Our organic farm is situated in rural Ireland and it is beautiful in its own way it’s vibrancy is defined by a myriad of greens, and flowers and it overflowing with life.

Once upon a time, flowers and mushrooms were commonplace in fields of grass around our lovely country, not so anymore. I don’t know about you, but the sight of a cowslip flower transports me back in time, to a time when the fields next to our family home were full of these beautiful flowers.

Sadly, today, these flowers are not to be found in most farm grasslands, they have all but disappeared (as have the button mushrooms that also used to be commonly found in meadows).
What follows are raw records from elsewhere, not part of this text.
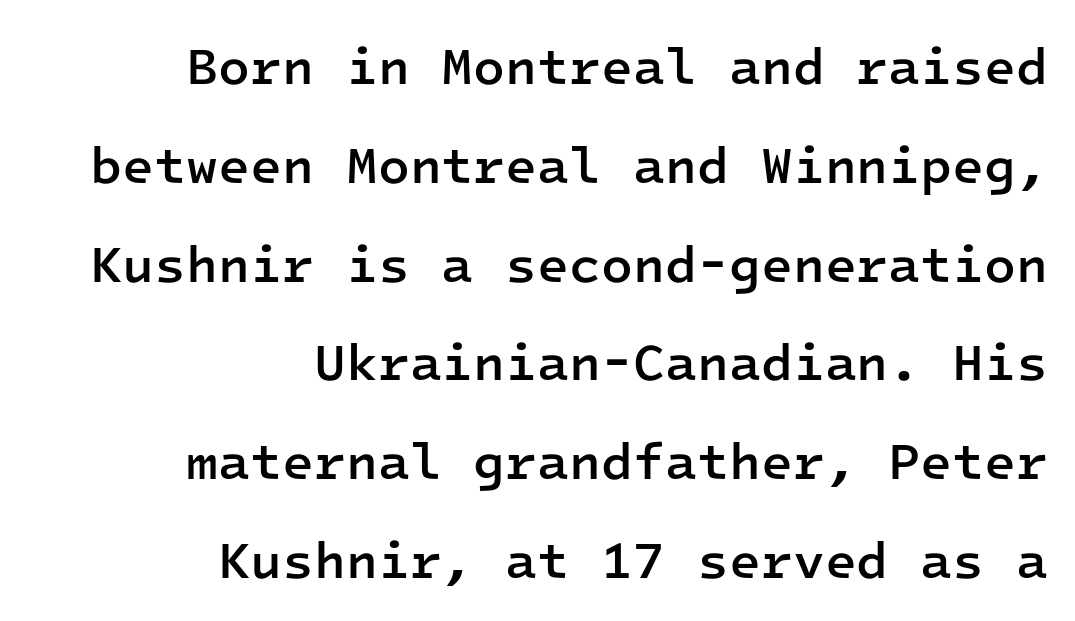
The image shows 52 px semibold sans-serif type, upright, monospaced; set right-aligned, loose line spacing (1.9x), normal letter spacing, not underlined; low stroke contrast and a medium x-height.
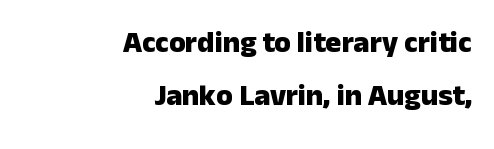
Q: Is the text bold? A: Yes.
Q: Is the text italic (slanted)? A: No, it is upright.
Q: Is the typeface a serif or a sans-serif typeface? A: Sans-serif.
Q: Is the text underlined? A: No.
Q: How is the paragraph aligned? A: Right-aligned.
Q: Is the spacing between letters normal or unusually wide? A: Normal.
Q: Width (condensed, normal, or wide)? A: Normal.
Q: Stroke contrast? A: Low.
Q: x-height? A: Medium.
Q: Monospaced? A: No.
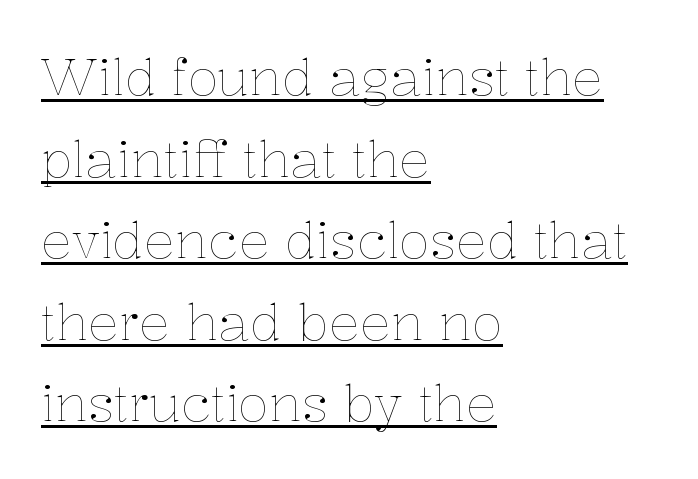
{"italic": "no", "bold": "no", "weight": "thin", "width": "normal", "stroke_contrast": "low", "x_height": "medium", "monospaced": "no", "underline": "yes", "align": "left", "line_spacing": "normal", "line_spacing_ratio": 1.6, "letter_spacing": "normal", "letter_spacing_em": 0.0, "glyph_px": 51}
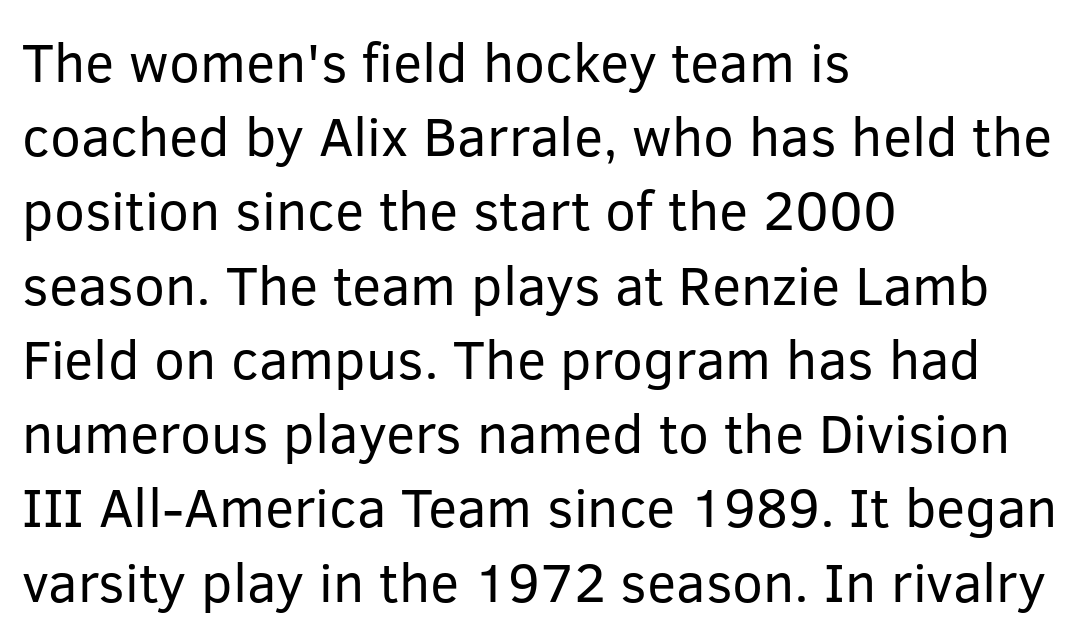
The image shows 55 px regular-weight sans-serif type, upright; set left-aligned, normal line spacing (1.35x), normal letter spacing, not underlined; low stroke contrast and a medium x-height.
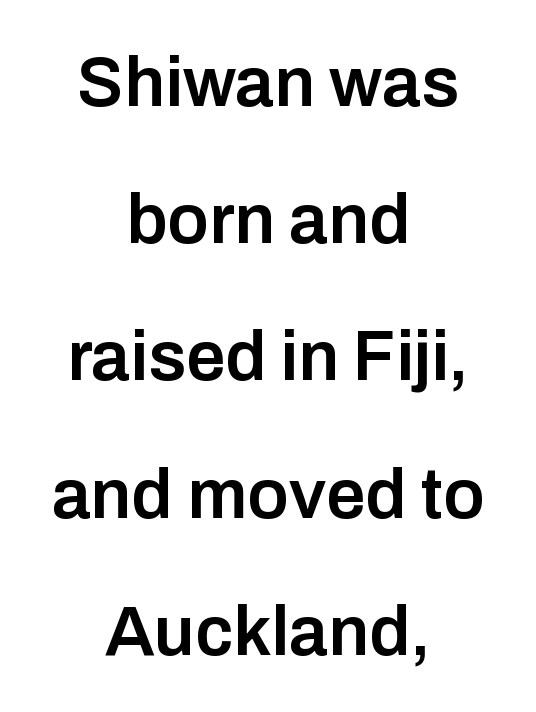
The image shows 70 px semibold sans-serif type, upright; set centered, loose line spacing (1.96x), normal letter spacing, not underlined; low stroke contrast and a medium x-height.
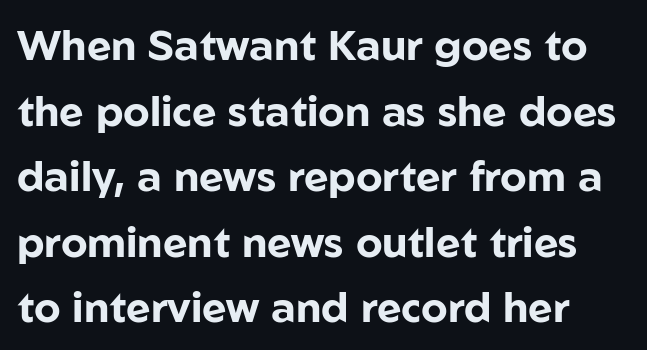
The image shows 42 px bold sans-serif type, upright; set normal line spacing (1.56x), normal letter spacing, not underlined; low stroke contrast and a medium x-height.
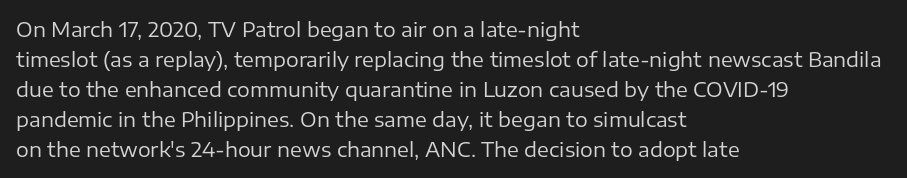
The image shows 20 px text type, upright; set left-aligned, normal line spacing (1.5x), normal letter spacing, not underlined.
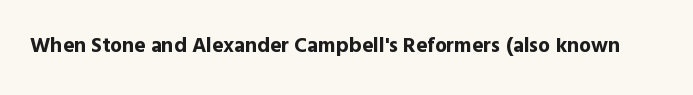
The letterforms sit shoulder to shoulder at normal distance. These lines were composed using upright roman letters. Check the space under the baseline: it is left empty. The sample has been set heavy, in full bold.
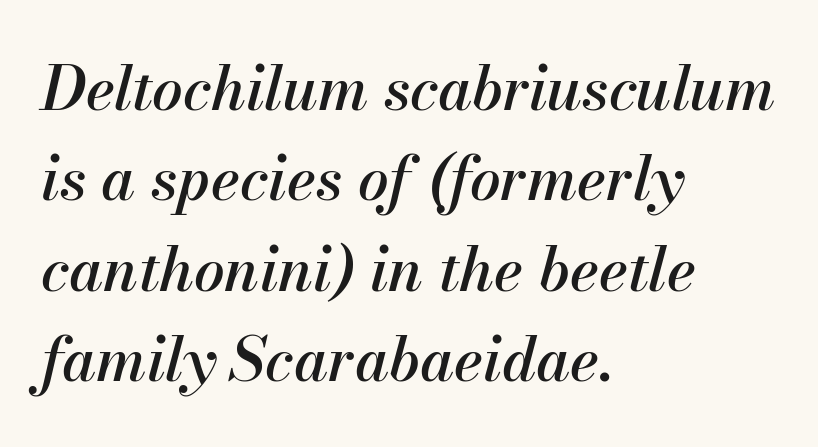
The setting favours the left margin, as ordinary paragraphs usually do. Look at the tracking — it's just the regular setting, nothing added. A typesetter would call this proportional, since set widths differ per character. Designer's note — italics engaged.
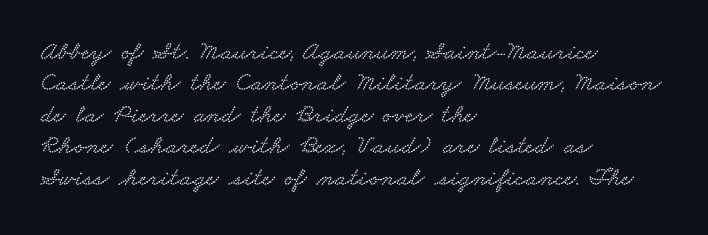
The paragraph shown leans on its left margin. The glyphs are unaccompanied by any horizontal stroke below them. Words appear dense and cohesive because spacing is normal.
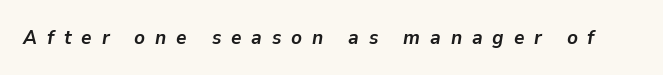
The image shows 20 px bold type, italic (leaning right); set unusually wide letter spacing (+0.49 em), not underlined.
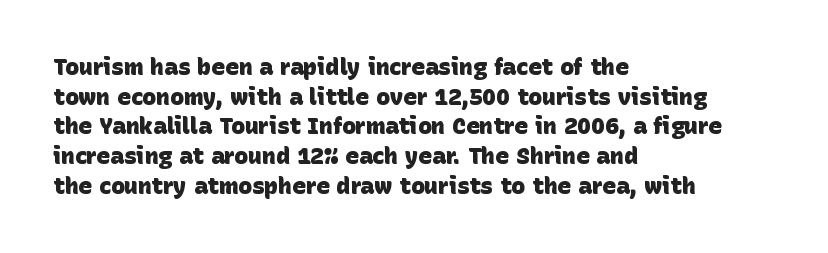
Plain, unruled lines of type. What weight is shown? A full bold with thick strokes. Rows of type keep a routine distance in the vertical direction. Students, note that the glyphs here touch the page at normal intervals. In CSS terms this would be text-align: left.
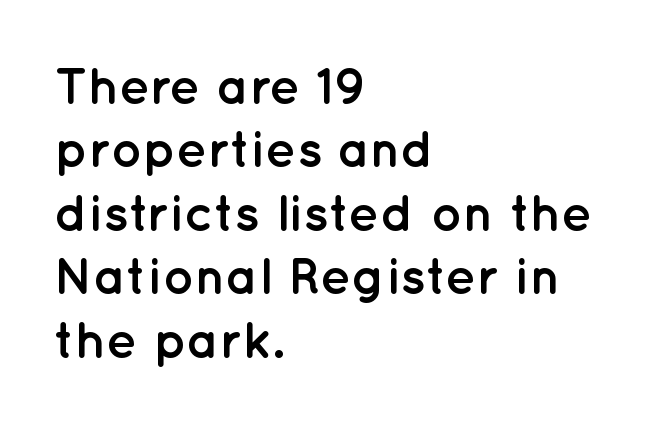
{"serif": "no", "italic": "no", "bold": "yes", "weight": "semibold", "width": "normal", "stroke_contrast": "low", "x_height": "medium", "monospaced": "no", "underline": "no", "align": "left", "line_spacing_ratio": 1.22, "letter_spacing": "normal", "letter_spacing_em": 0.0, "glyph_px": 52}
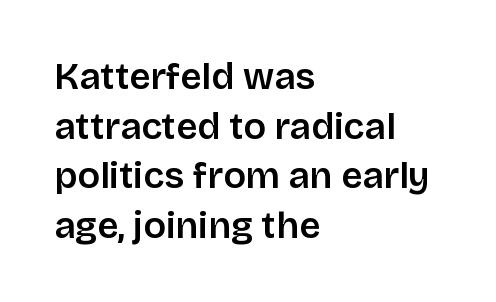
Font category for this specimen: sans-serif. The strip under each line holds only bare page. The passage is arranged the way most books set body copy — flush left. Evenly set lines give the paragraph a standard silhouette.

The reason sadly: the common use of artificial fertiliser and herbicides. Many of these grass tracks are sprayed to remove anything that is not grass, depriving the land of variety, variety being the cornerstone of all life. Such is the way of much of our production systems these days, large monocultures, engineered to produce at all costs.

The one common theme that can be found in all of these food systems generally starts with a application of the chemical glyphosate which as a molecule looks benign enough, but is far from benign.

The active ingredient in Roundup: glyphosate is the most widely used herbicide in human history, nearly 10 billion kg have been used globally.  It is a probable-carcinogen and it now contaminates most non-organic food stuffs. It is systemic in nature which means if it is sprayed on a crop then it gets absorbed and sits inside it.  It destroys all life, and leaves fields barren and dead.

Surely the production of food in a way that contributes to our health and the health of the planet, a way that enhances and protects biodiversity, a way that encourages working with nature rather than against it must be the best way to grow food?

The funny thing is that usually this type of approach produces food that tastes great, is better for us and is also better for our land. Your support makes it possible, and during the summer we need it more than ever, thank you.